__Work required__: Please reproduce, exactly and in full, the lines running from the one that contains "Image captured 6.2 s after image 1." to the end of the entries.

__Records for this exercise__:
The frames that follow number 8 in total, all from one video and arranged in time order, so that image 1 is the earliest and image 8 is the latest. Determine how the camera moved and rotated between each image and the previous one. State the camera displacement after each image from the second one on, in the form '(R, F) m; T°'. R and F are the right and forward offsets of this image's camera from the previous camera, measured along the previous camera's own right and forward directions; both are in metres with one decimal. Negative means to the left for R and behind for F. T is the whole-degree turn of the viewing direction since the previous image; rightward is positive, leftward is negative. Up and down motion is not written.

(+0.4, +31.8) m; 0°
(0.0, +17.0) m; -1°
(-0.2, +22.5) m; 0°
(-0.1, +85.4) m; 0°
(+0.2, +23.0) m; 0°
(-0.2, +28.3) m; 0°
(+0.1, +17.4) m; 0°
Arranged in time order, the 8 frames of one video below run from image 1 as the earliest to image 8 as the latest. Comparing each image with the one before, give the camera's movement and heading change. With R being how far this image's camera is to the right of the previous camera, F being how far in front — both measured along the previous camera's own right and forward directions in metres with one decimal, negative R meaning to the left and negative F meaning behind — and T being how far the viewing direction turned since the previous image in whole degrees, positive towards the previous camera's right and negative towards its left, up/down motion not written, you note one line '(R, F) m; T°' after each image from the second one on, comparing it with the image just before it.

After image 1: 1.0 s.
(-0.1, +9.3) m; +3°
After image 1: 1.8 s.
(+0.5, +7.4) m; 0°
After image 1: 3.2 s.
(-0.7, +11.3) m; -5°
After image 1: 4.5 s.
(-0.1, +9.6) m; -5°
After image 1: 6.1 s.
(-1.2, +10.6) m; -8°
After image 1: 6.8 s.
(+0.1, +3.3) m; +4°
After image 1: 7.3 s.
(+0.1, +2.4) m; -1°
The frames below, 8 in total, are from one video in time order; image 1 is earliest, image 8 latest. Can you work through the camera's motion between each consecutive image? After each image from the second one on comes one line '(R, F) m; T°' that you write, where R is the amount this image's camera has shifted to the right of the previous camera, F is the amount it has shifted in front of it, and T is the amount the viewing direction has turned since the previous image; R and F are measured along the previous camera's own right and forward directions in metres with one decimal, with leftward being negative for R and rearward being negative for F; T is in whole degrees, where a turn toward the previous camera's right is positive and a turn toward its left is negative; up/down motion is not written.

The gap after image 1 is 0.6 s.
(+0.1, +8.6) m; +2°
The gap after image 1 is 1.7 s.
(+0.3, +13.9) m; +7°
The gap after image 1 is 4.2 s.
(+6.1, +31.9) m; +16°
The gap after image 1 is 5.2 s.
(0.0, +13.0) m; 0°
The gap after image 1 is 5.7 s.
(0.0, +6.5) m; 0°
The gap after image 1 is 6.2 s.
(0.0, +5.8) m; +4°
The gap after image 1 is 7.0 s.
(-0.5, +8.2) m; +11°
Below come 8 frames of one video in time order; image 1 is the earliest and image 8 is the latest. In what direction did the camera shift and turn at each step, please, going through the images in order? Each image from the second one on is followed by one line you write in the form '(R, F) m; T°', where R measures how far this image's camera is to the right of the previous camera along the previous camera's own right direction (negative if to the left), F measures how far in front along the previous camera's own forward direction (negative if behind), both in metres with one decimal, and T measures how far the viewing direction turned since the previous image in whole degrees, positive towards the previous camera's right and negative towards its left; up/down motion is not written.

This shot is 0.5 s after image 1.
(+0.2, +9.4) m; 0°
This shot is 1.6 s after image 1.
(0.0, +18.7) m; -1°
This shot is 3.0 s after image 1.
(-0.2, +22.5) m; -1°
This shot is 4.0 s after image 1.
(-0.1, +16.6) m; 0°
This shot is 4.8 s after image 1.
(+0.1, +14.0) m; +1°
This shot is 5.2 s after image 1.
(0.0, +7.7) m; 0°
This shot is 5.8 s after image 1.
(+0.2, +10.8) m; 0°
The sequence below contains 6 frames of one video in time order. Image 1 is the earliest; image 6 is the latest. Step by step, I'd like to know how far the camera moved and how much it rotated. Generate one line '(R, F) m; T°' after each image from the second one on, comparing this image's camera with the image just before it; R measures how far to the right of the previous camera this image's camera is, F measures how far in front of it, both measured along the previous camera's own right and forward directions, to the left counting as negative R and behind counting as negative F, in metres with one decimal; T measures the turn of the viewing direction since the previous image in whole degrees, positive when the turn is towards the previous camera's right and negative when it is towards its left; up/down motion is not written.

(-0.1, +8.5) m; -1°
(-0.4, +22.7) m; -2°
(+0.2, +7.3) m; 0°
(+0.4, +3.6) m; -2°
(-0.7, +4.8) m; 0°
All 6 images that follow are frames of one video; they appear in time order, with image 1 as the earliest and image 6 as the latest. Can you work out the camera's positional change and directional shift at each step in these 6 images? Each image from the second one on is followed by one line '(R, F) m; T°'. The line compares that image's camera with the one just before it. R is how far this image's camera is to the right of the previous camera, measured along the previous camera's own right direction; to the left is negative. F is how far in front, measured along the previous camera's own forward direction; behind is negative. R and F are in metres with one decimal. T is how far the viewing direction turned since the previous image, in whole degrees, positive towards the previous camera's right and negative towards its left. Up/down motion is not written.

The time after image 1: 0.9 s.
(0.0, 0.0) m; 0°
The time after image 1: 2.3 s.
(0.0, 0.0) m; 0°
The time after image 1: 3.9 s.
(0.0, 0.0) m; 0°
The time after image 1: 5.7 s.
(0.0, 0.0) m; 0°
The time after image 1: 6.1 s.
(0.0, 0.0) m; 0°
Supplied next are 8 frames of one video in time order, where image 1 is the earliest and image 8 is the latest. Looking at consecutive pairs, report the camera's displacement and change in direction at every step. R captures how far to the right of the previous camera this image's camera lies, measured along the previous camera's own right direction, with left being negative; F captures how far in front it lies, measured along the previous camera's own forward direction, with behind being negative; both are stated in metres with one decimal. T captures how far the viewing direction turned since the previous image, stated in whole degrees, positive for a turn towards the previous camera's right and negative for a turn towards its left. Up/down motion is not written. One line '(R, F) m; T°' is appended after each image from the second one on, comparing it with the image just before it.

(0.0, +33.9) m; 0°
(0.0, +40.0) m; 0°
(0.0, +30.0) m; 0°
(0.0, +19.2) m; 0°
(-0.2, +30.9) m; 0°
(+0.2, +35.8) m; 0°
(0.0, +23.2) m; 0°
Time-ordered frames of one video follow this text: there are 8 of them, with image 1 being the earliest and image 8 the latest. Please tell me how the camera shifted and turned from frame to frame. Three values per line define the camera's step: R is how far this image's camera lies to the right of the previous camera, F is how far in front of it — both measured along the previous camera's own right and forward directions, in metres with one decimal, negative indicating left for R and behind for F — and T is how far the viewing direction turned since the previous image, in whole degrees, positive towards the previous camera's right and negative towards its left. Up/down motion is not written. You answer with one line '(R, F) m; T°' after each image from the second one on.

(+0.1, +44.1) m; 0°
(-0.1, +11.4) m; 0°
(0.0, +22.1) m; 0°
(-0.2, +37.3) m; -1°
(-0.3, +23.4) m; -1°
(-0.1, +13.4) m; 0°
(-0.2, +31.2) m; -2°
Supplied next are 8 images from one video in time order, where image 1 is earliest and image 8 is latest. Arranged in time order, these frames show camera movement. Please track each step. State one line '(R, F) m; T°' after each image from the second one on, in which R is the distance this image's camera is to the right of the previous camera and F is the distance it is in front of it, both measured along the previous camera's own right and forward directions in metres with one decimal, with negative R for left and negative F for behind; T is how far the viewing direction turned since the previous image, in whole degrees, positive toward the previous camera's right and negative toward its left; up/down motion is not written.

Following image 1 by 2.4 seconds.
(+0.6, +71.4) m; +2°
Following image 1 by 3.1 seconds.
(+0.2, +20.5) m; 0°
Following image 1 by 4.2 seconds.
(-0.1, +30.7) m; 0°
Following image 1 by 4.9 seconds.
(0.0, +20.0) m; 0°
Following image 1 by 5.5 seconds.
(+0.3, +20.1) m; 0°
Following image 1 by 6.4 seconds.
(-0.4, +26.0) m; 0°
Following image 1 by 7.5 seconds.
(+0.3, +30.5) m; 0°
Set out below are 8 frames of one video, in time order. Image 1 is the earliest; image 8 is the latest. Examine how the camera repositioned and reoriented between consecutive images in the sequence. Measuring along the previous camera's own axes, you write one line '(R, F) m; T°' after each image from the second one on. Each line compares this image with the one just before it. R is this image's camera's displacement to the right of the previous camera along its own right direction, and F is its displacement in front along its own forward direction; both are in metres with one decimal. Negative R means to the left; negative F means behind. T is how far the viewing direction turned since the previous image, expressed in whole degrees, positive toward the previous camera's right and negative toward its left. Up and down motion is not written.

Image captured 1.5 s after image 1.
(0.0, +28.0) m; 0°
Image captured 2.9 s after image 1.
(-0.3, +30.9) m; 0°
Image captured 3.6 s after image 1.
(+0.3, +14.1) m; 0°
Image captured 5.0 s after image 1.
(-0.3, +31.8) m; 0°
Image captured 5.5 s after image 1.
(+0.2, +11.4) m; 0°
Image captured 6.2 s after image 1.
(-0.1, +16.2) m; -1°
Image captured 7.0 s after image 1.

__Response__:
Image captured 6.2 s after image 1.
(-0.1, +16.2) m; -1°
Image captured 7.0 s after image 1.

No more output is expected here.